Give it some time and you'll both get more and more comfortable with it. That's how it worked for me when I first came out to a friend. He said he still loved me but I could tell it was weird for him. He's gotten better with time though, and we're getting more comfortable with me being out (to him).

Just let her know that you will never change your mind because you didn't make the choice in the first place. I know you already said that to her, but she didn't seem to get it. But like I said, some time and some communication, y'all will get all that figured out.


And definitely squash that myth about all gay guys liking girlie stuff, I hate that shit too.


See, you're not the only one who rants hahaha. Congrats man, and come out to the rest of the family when YOU are ready.
 
Probably, today shes been telling me stories of her gay friends... Its kinda weird talking to someone about all of this but I guess its a good thing. She keeps saying maybe I'll change my mind someday -_- so obviously shes not completely okay with it, she even made the comment "I hate _____" because thats one of my friends that I fooled around with. I kinda got angry and said that its not like HE turned me gay, she just said that thats what it felt like to her. I just don't want her to confront him about it, but I really don't think she will... ... at least I hope not.

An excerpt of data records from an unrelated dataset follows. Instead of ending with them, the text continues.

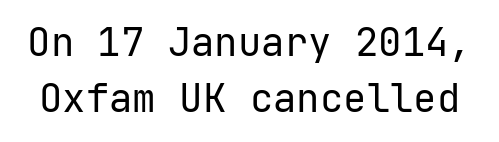
{"serif": "no", "italic": "no", "bold": "no", "weight": "regular", "width": "normal", "stroke_contrast": "low", "x_height": "medium", "monospaced": "yes", "underline": "no", "line_spacing": "normal", "line_spacing_ratio": 1.44, "letter_spacing": "normal", "letter_spacing_em": 0.0, "glyph_px": 39}
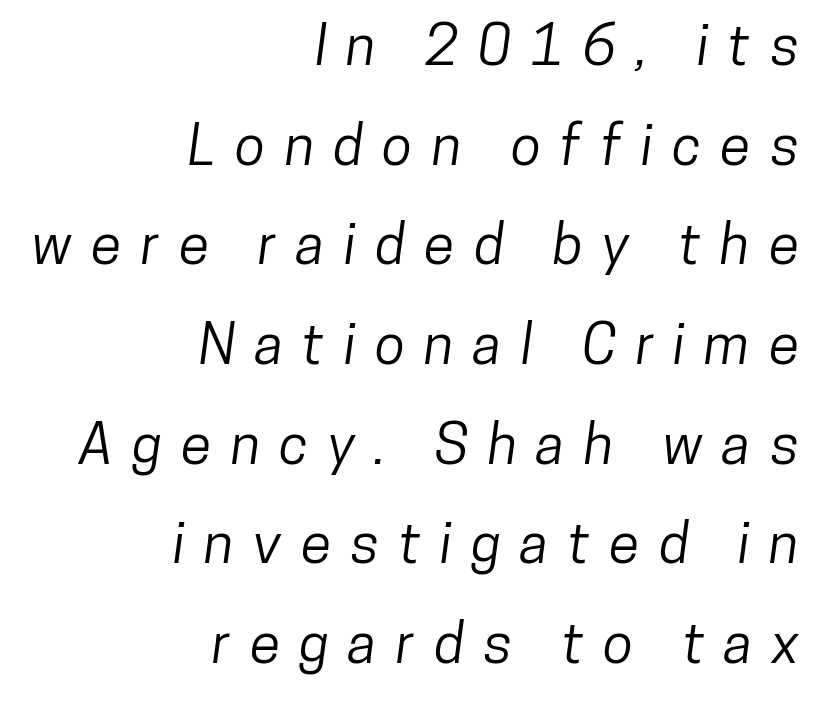
The rendering inserts visible extra space after every character. The face used here is proportionally spaced, like ordinary book or web type. Where is the straight margin? On the right. Underline: absent. The letters carry no serifs — their stems end cleanly without finishing strokes.
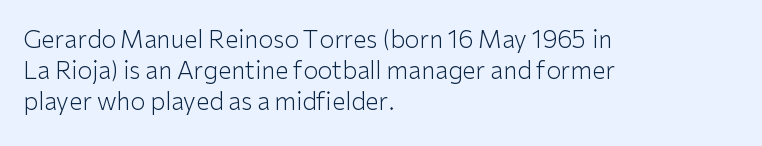
The ragged edge is on the right, which tells us the setting is flush left. The passage shown is not underscored anywhere. These lines were composed using upright roman letters. This sample uses plain, unmodified letter spacing. Reading down the column, the eye jumps a familiar distance to each next line.
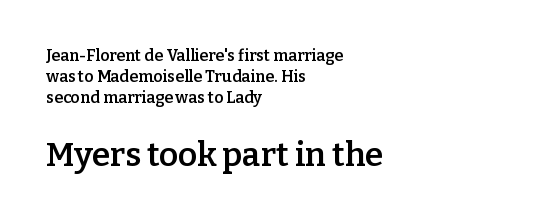
This layout puts the modest block above and the oversized block below. The face used here is seriffed, in the tradition of book romans. The sample has been set in demibold, a notch under bold. Words float on clear page, feet unadorned. Which margin do the lines hug? The left one — the right edge is uneven.
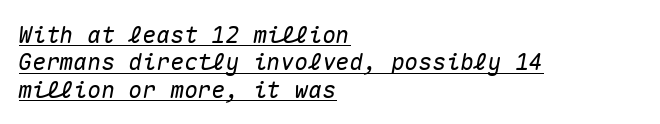
The image shows 23 px text type, italic (leaning right); set left-aligned, line spacing 1.19x, normal letter spacing, underlined.
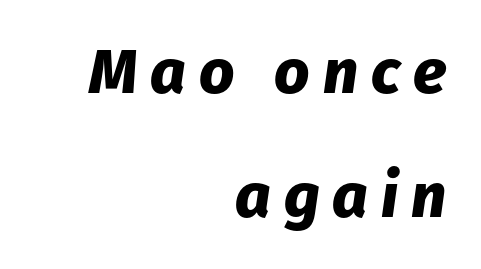
This sample has the flowing, uneven cadence of proportional lettering. Thick stems and heavy bowls — unmistakably bold. The string is rendered with underlining switched off. Compared with typical body copy, the letter spacing here is much looser.
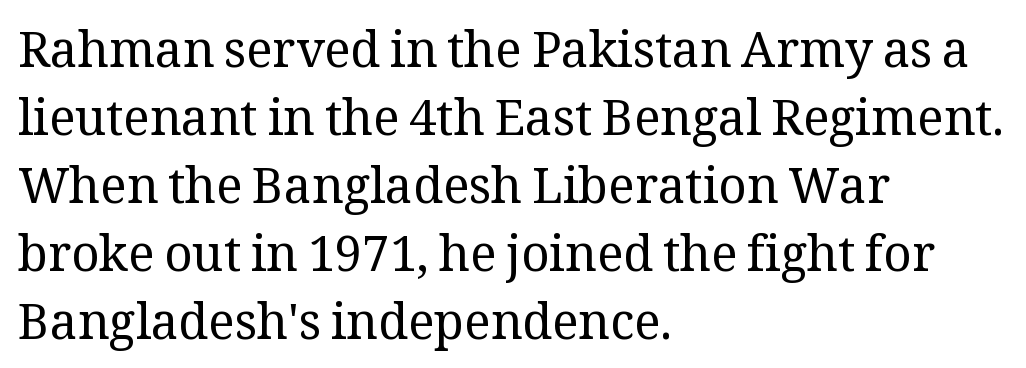
The baseline area is clear. You could call the tracking neutral — neither tight nor loose. Leading: standard. No italicization has been applied; the sample stays upright. The lines are quadded left. Unlike a clean sans, this face finishes its strokes with serifs.
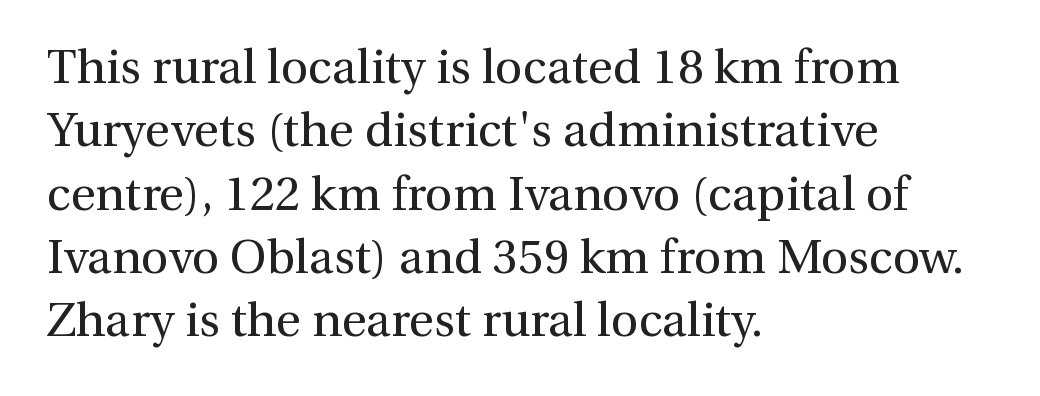
The image shows 48 px regular-weight serif type, upright; set left-aligned, normal line spacing (1.32x), normal letter spacing, not underlined; medium stroke contrast and a medium x-height.

On the adoption thing... I doubt it, I'm not really a fan of kids they get on my nerves... I'm one of those people that hate when there is a crying baby in the room, it just annoys the hell out of me :x.

I'm really tempted to agree with her sometime when she says something about a hot guy, just to see her reaction lol. We've been joking about it all day she even said that she was going to buy me a too-too and ballerina slippers which I got angry about at first then just laughed about it. She keeps saying that she wants to tell people but I really don't want to... but at the same time I don't care so idk what to do about that :help:.

And yes Trauma is a horrible show! I'll always remember it as the show that made me come out of the closet lol, but I still love it...

That's why you adopt children ages 7 and up! So they're more likely to stay quiet and still have ample potential for NOT becoming destined to kill.

and LOL on your Trauma comment. :rotflmao:
 
Hi Ragoris and congratulations! It's quite the courageous thing, IMO, to open up to your mom while still living at home. I don't think I could have even if I had accepted my sexuality while still living at home. Way to go! ..|
 
Congrats on coming out and thanks on posting your story.

It will take some time for you and your Mom to find that middle ground where it's all ordinary and boring again.

If you're comfortable being open with your Mom, then when she says, "He's cute", then say things like, "Nah, he's more your type than mine".

If you're not comfortable with her drive to out you to everyone else, then say, "Mom. It's me who is coming out, not you!".

The important thing is that you let her know that you're still the same person you have always been, so just don't make a big deal of it and don't let anyone else make a big deal of it either.

PS Don't count out the grandkids. It's all the rage to have kids. Gay and lesbian gatherings are beginning to look like a trip to Chucky Cheese.
 
Thanks for all the advice everyone, yeah maybe I will not completely count out adoption yet... like Lonely said I could always adopt a older child. But I'd have to see what my boyfriend at the time would think of it because I really wouldn't want to do it alone... and I'm not the type to just have 1 night stands and never talk to the guy again, I'd like to actually find someone which is something I'm actually kinda worried about because I know a lot of gay guys just want 1 night stands. I know there are some out there that want a relationship, but I bet most don't :(. Oh well one step at a time, gotta find a guy first ;).